### Information supplied ###

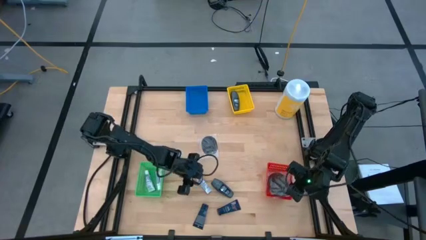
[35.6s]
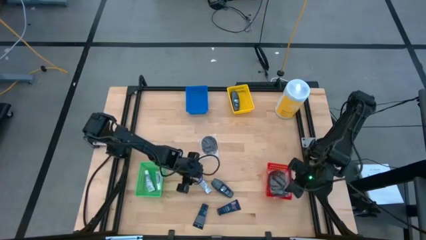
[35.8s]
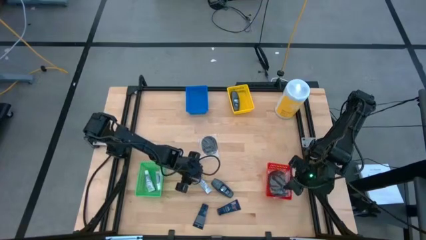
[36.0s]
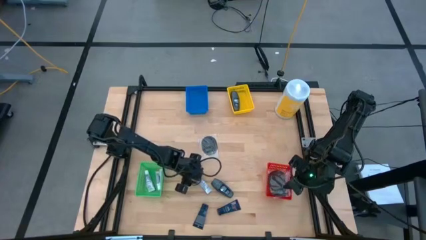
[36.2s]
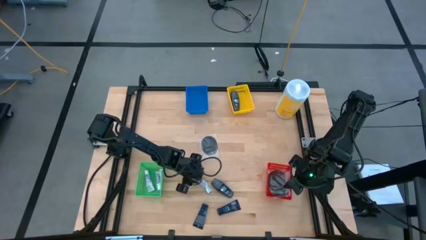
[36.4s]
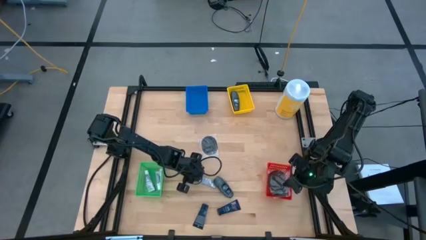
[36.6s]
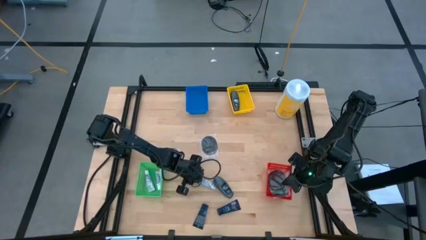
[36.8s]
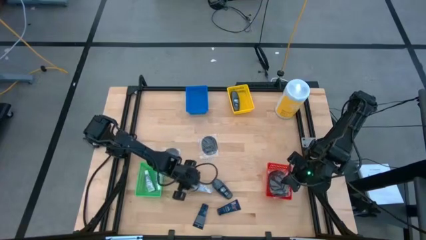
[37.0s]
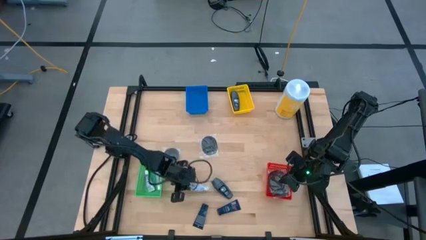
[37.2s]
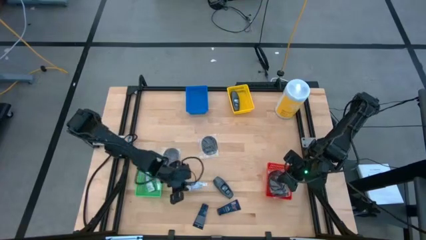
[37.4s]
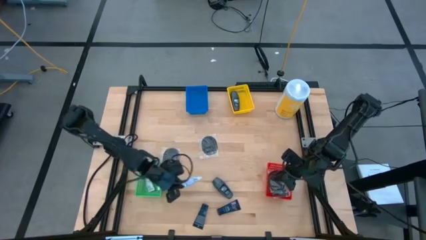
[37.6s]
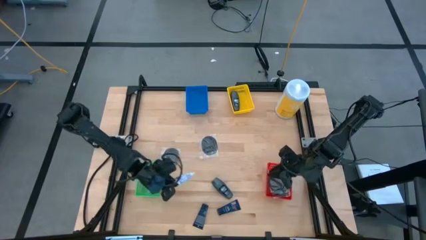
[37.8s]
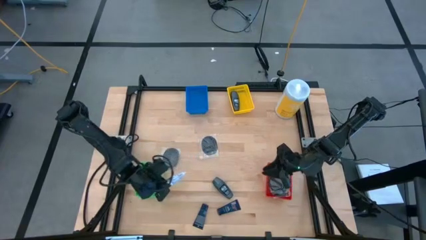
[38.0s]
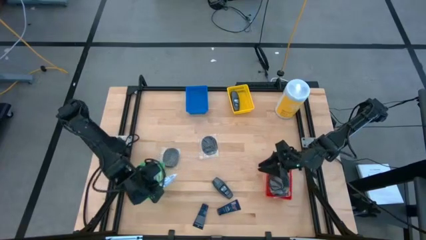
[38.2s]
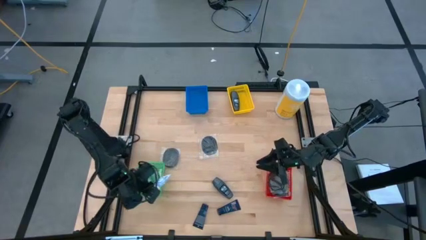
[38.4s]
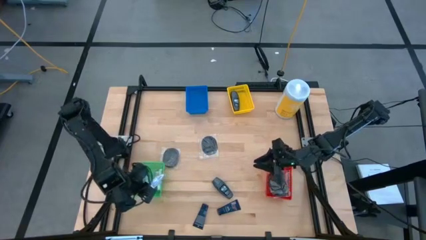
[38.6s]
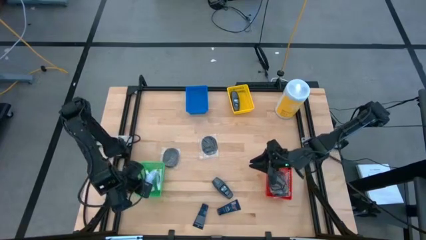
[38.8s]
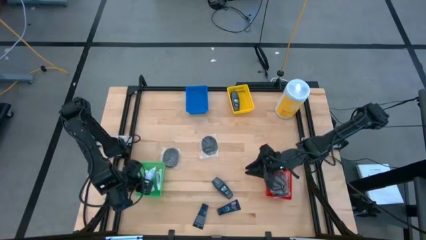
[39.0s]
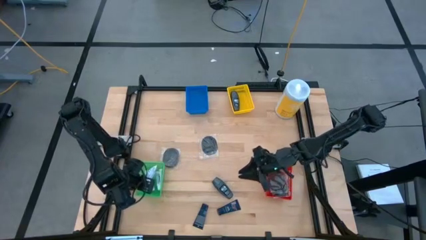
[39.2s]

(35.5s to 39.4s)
Put the white toothpaste into the green bin

###

▶ Aim of the exercise
The pictures should be dropped, and every line above should be set down again exactly.

▶ Solution for this task
[35.6s]
[35.8s]
[36.0s]
[36.2s]
[36.4s]
[36.6s]
[36.8s]
[37.0s]
[37.2s]
[37.4s]
[37.6s]
[37.8s]
[38.0s]
[38.2s]
[38.4s]
[38.6s]
[38.8s]
[39.0s]
[39.2s]

(35.5s to 39.4s)
Put the white toothpaste into the green bin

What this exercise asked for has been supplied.